In [1]:
# Make boxes window width. 
from IPython.core.display import display, HTML
display(HTML("<style>.container { width:100% !important; }</style>"))

In [206]:
import torch
import torchvision
import torch.nn as nn
import torch.nn.functional as F
from torch.autograd.functional import vjp
import time

if torch.cuda.is_available():
    device = torch.device("cuda:0")
    torch.set_default_tensor_type(torch.cuda.FloatTensor)
else:
    device = torch.device("cpu")

In [207]:
class Block(nn.Module):
    def __init__(self):
        super(Block, self).__init__()
    def forward(self, x, t, net_params):
        size = x.size()
        x = F.relu(F.conv2d(x, net_params[0:9*size[1]*size[1]].view(size[1],size[1],3,3), padding=1))
        x = F.relu(F.conv2d(x, net_params[9*size[1]*size[1]:18*size[1]*size[1]].view(size[1],size[1],3,3), padding=1))
        return x

In [208]:
RK4 = ((  0,),
       (1/2, 1/2,),
       (1/2,   0,  1/2,),
       (  1,   0,    0,   1,),
       (1/6, 1/3, 1/3, 1/6,))

EF = ((0,),
      (1,))

"""
General Runge-Kutta Solver.
https://en.wikipedia.org/wiki/Runge–Kutta_methods

b_tableau, nested tuple, contains weights of integration. 
f, function, is the function to iterate. Should only be a function of x, t. 
x0, FloatTensor, is the intial condition.
t0, FloatTensor, is the start time of integration.
t1, FloatTensor, is the end time of integration.
N, int, is the desired number of timesteps. 
"""

def explicit_RK(b_tableau, f, x0, t0, t1, N):        
    h = (t1 - t0) / float(N) # calculate step size
    x = x0 # initialize saved dynamics
    mesh = (t0 + h * i for i in range(N)) # generator of time values
    for time in mesh:
        
        k = [f(x, time + h*b_tableau[0][0])] # Covers the first row of the Butcher tableau. 
        for i, row in enumerate(b_tableau[1:-1]): # Covers the middle rows of the Butcher tableau.
            k.append(f(x + sum(w * k[idx] * h for idx, w in enumerate(row[1:])), time + row[0] * h)) # calculate k's. 
        x = x + sum(w * k_i * h for k_i, w in zip(k, b_tableau[-1])) # calculate timestep 
    return x

In [209]:
# Convenience tuple -> tensor function
def flatten(*args):
    return(torch.cat(tuple(torch.flatten(arg) for arg in args), dim=0).view(1,-1))

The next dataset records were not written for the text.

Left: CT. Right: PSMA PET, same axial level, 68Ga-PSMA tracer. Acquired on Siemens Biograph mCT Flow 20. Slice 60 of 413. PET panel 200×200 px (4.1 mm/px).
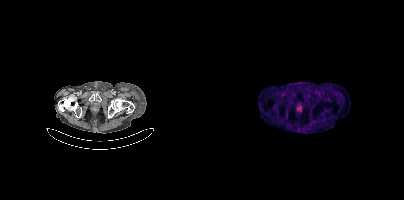
Coordinates are on the 200×200 PET (right) panel. PSMA-avid tumor lesion bounding boxes:
| # | x0 | y0 | x1 | y1 |
|---|---|---|---|---|
| 1 | 92 | 106 | 97 | 111 |
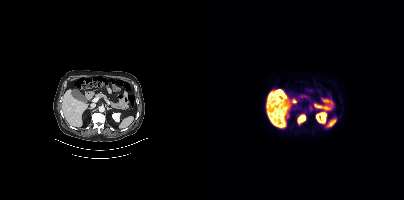
modality: PSMA PET/CT | tracer: 18F | view: axial
Coordinates are on the 200×200 PET (right) panel. PSMA-avid tumor lesion bounding box (x, y, width, height): x=93 y=114 w=10 h=10.
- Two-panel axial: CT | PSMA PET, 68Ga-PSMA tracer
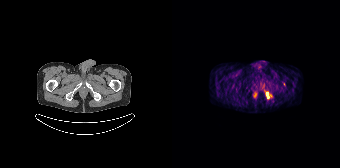
Findings: Coordinates are on the 168×168 PET (right) panel. PSMA-avid tumor lesion bounding boxes (x, y, width, height): x=94 y=92 w=7 h=7 | x=88 y=84 w=5 h=5. Small PSMA-avid foci (2 to 4 px across) near (center x, center y): (112, 84) | (92, 89).
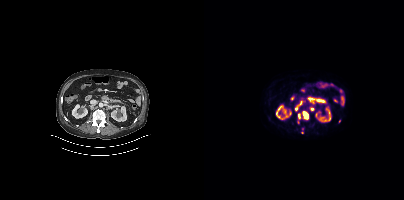
- Left: CT. Right: PSMA PET, same axial level, [18F]PSMA-1007 tracer
- PET panel 200×200 px (4.1 mm/px)
Findings: Coordinates are on the 200×200 PET (right) panel. (showing 4 of 7 foci) PSMA-avid tumor lesion bounding boxes (x, y, width, height): x=98 y=111 w=7 h=9 | x=91 y=102 w=7 h=9 | x=94 y=113 w=3 h=6. Small PSMA-avid focus (2 to 4 px across) near (center x, center y): (108, 109).
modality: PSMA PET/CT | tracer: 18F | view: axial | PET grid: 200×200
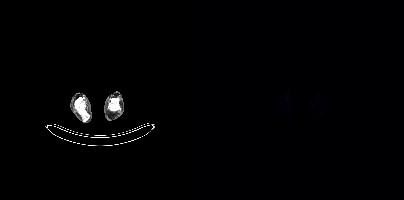
This slice has no annotated PSMA-avid lesion.
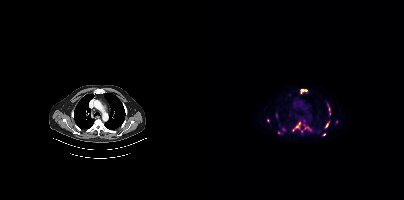
{"modality":"PSMA PET/CT","view":"axial","tracer":"[18F]PSMA-1007","pet_grid":[200,200],"coord_frame":"pet_panel","coord_format":"x0,y0,x1,y1","partial":true,"lesion_bboxes":[[92,122,96,128],[97,89,102,93],[122,122,125,127]],"small_foci_centers":[[72,115],[120,134]]}
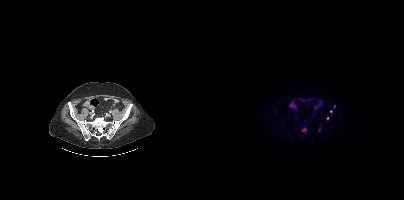
Findings: Coordinates are on the 200×200 PET (right) panel. Small PSMA-avid foci (2 to 4 px across) near (center x, center y): (123, 118) (126, 111).
- Paired axial CT (left) and PSMA PET (right), 18F-PSMA tracer
- acquired on Siemens Biograph mCT Flow 20
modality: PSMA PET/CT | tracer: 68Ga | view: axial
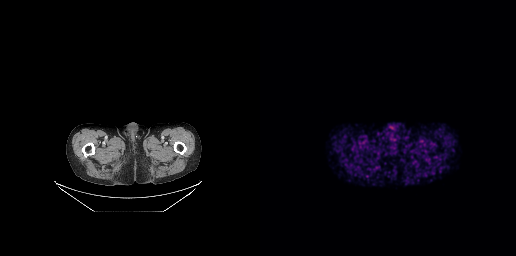
This slice has no annotated PSMA-avid lesion.
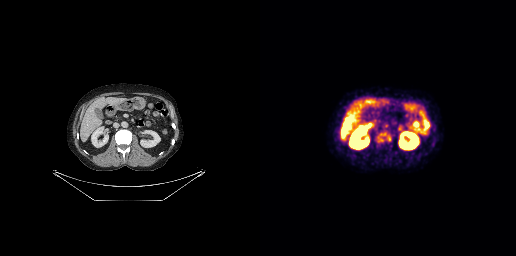
Coordinates are on the 256×256 PET (right) panel. PSMA-avid tumor lesion bounding box (x, y, width, height): x=118 y=133 w=13 h=9.
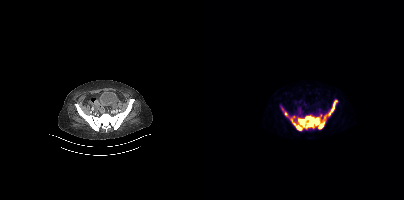
{"modality":"PSMA PET/CT","view":"axial","tracer":"[68Ga]Ga-PSMA-11","pet_grid":[200,200],"coord_frame":"pet_panel","coord_format":"x0,y0,x1,y1","lesion_bboxes":[[88,116,115,128],[122,100,133,116],[91,124,98,130],[80,111,86,118],[76,105,79,111]],"small_foci_centers":[[118,116],[119,121],[116,125]]}
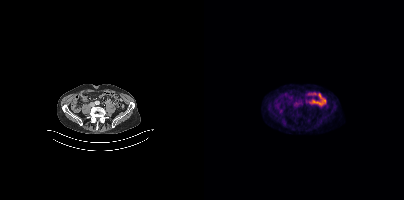
Findings: Negative for PSMA-avid disease on this slice.
- Left: CT. Right: PSMA PET, same axial level, 18F-PSMA tracer
- slice 141 of 407
- PET panel 200×200 px (4.1 mm/px)
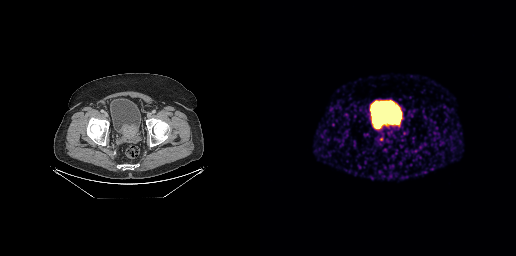
{"modality":"PSMA PET/CT","view":"axial","tracer":"68Ga","pet_grid":[256,256],"coord_frame":"pet_panel","coord_format":"x0,y0,x1,y1","lesion_bboxes":[[120,137,123,141]],"small_foci_centers":[[128,133]]}
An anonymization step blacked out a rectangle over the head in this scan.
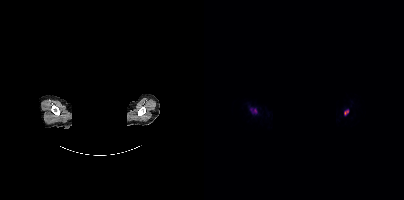
Coordinates are on the 200×200 PET (right) panel. PSMA-avid tumor lesion bounding boxes (x0,y0,x1,y1): [46,108,53,113]; [140,110,144,115].
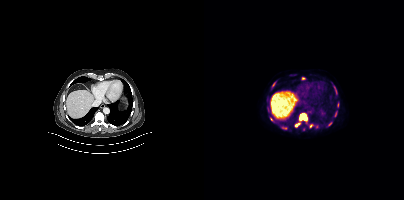
Coordinates are on the 200×200 PET (right) panel. (showing 7 of 10 foci) PSMA-avid tumor lesion bounding boxes (x0, y0)-(x1, y1): (95, 113)-(103, 120) | (78, 126)-(83, 129) | (91, 123)-(95, 126) | (68, 82)-(71, 86). Small PSMA-avid foci (2 to 4 px across) near (center x, center y): (107, 125) | (67, 119) | (131, 113). Left: CT. Right: PSMA PET, same axial level, [18F]PSMA-1007 tracer. Acquired on Siemens Biograph mCT Flow 20. PET panel 200×200 px (4.1 mm/px).
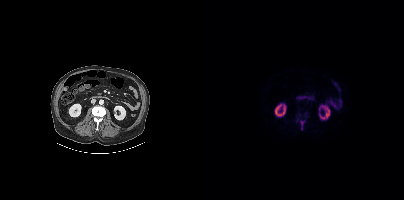
- Two-panel axial: CT | PSMA PET, 18F tracer
- PET panel 200×200 px (4.1 mm/px)
Findings: Coordinates are on the 200×200 PET (right) panel. PSMA-avid tumor lesion bounding box (x0, y0)-(x1, y1): (96, 120)-(100, 129).
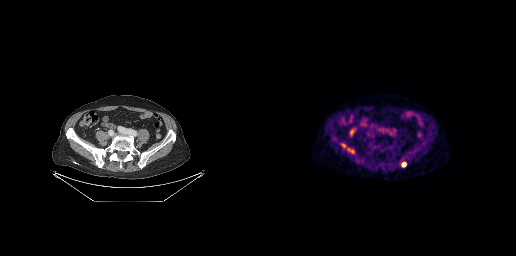
- Two-panel axial: CT | PSMA PET, 18F tracer
- acquired on GE Discovery 690
- slice position z = -713 mm
- PET panel 256×256 px (2.7 mm/px)
Findings: Coordinates are on the 256×256 PET (right) panel. PSMA-avid tumor lesion bounding box (x, y, width, height): x=90 y=150 w=5 h=4. Small PSMA-avid focus (2 to 4 px across) near (center x, center y): (143, 164).
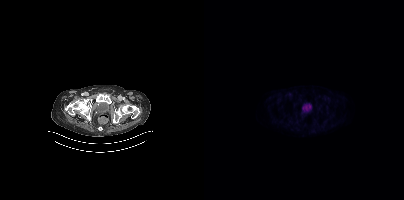
No PSMA-avid tumor lesions on this slice.
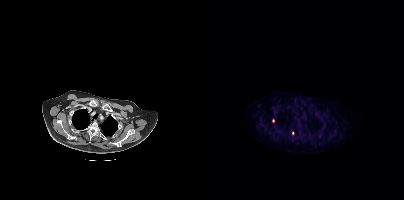
{"modality":"PSMA PET/CT","view":"axial","tracer":"18F-PSMA","pet_grid":[200,200],"coord_frame":"pet_panel","coord_format":"x0,y0,x1,y1","partial":true,"lesion_bboxes":[],"small_foci_centers":[[88,133]]}
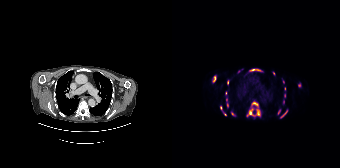
Technique: Left: CT. Right: PSMA PET, same axial level, 18F tracer. acquired on Siemens Biograph 64-4R TruePoint. slice position z = -904 mm. PET panel 168×168 px (4.1 mm/px).
Findings: Coordinates are on the 168×168 PET (right) panel. (showing 15 of 19 foci) PSMA-avid tumor lesion bounding boxes (x, y, width, height): x=77 y=69 w=14 h=3; x=80 y=102 w=7 h=5; x=77 y=108 w=5 h=7; x=84 y=109 w=5 h=5; x=41 y=76 w=3 h=6; x=109 y=111 w=7 h=7. Small PSMA-avid foci (2 to 4 px across) near (center x, center y): (49, 107); (127, 85); (55, 104); (112, 95); (53, 114); (60, 114); (55, 82); (101, 73); (53, 93).
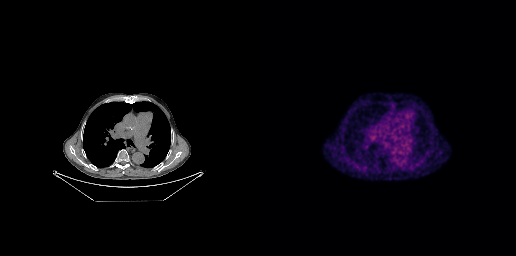
Negative for PSMA-avid disease on this slice.
modality: PSMA PET/CT | tracer: 68Ga-PSMA | view: axial | PET grid: 256×256
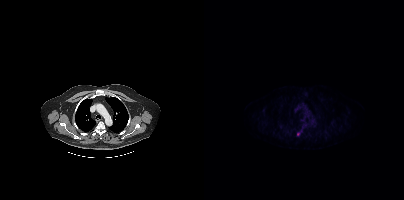
Coordinates are on the 200×200 PET (right) panel. Small PSMA-avid focus (2 to 4 px across) near (center x, center y): (94, 134). Paired axial CT (left) and PSMA PET (right), [18F]PSMA-1007 tracer. Slice position z = -954 mm.
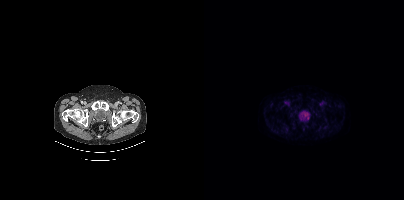
No tumor lesions annotated on this slice.
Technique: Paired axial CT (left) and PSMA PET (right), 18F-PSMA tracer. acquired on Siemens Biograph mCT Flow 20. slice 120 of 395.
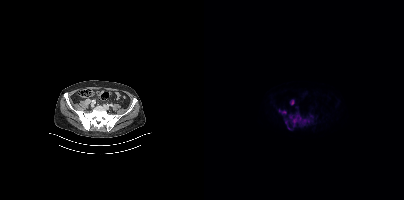
Findings: Coordinates are on the 200×200 PET (right) panel. PSMA-avid tumor lesion bounding boxes (x0, y0)-(x1, y1): (81, 112)-(109, 129) | (78, 111)-(82, 113). Small PSMA-avid foci (2 to 4 px across) near (center x, center y): (88, 101) | (75, 110).
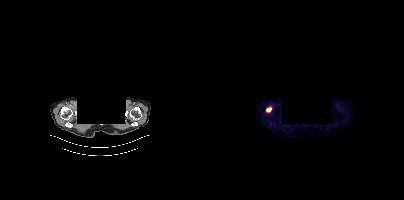
Two-panel axial: CT | PSMA PET, 18F-PSMA tracer. Slice 349 of 405. De-identified by setting a box covering the face to black before release.
Coordinates are on the 200×200 PET (right) panel. PSMA-avid tumor lesion bounding boxes:
| # | x0 | y0 | x1 | y1 |
|---|---|---|---|---|
| 1 | 62 | 107 | 67 | 111 |
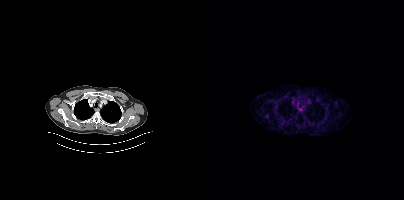
- Paired axial CT (left) and PSMA PET (right), [68Ga]Ga-PSMA-11 tracer
- acquired on Siemens Biograph mCT Flow 20
- PET panel 200×200 px (4.1 mm/px)
Findings: No tumor lesions annotated on this slice.
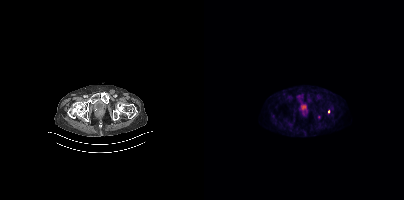
Coordinates are on the 200×200 PET (right) panel. Small PSMA-avid foci (2 to 4 px across) near (center x, center y): (115, 117); (124, 111).
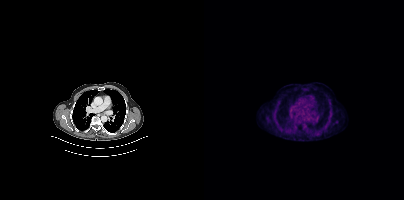
This slice has no annotated PSMA-avid lesion.
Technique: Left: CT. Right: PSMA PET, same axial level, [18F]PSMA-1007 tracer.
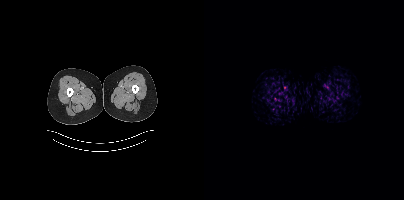
Findings: This slice has no annotated PSMA-avid lesion.
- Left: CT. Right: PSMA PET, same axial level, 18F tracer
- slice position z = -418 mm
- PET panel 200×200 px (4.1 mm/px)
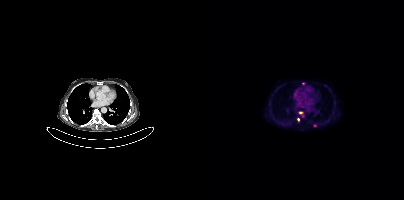
Findings: Coordinates are on the 200×200 PET (right) panel. Small PSMA-avid foci (2 to 4 px across) near (center x, center y): (110, 125) / (96, 112) / (99, 83) / (94, 119).

# Convenience tensor -> tuple function
def unflatten(x, n_e, sizes):
    return (x[0, 0:n_e[0]].view(sizes[0]),
            x[0, n_e[0]:n_e[0] + n_e[1]].view(sizes[1]),
            x[0, (n_e[0] + n_e[1]):(n_e[0] + n_e[1] + n_e[2])].view(sizes[2]),
            x[0, (n_e[0] + n_e[1] + n_e[2]):].view(sizes[3]),
            )

class Integrate(torch.autograd.Function):
    def __deepcopy__(self, memo):
        return Integrate(copy.deepcopy(memo))
    
    @staticmethod
    def forward(ctx, Integrator, f, x0, t0, t1, N, net_params):
                
        solution = Integrator(RK4, lambda x, t: f(x, t, net_params), x0, t0, t1, N)
            
        # Save for jacobian calculations in backward()
        ctx.save_for_backward(x0,t0,t1,net_params)
        ctx.solution = solution
        ctx.Integrator = Integrator
        ctx.N = N
        ctx.f = f
        
        return solution
    
    @staticmethod
    def backward(ctx, dL_dz1):
        # Get all saved context
        z0, t0, t1, net_params = ctx.saved_tensors
        z1 = ctx.solution
        N = ctx.N
        f = ctx.f
        
        # Convenience sizes
        batch_size = z0.size()[0]
        img_len = int(z0.numel() / batch_size)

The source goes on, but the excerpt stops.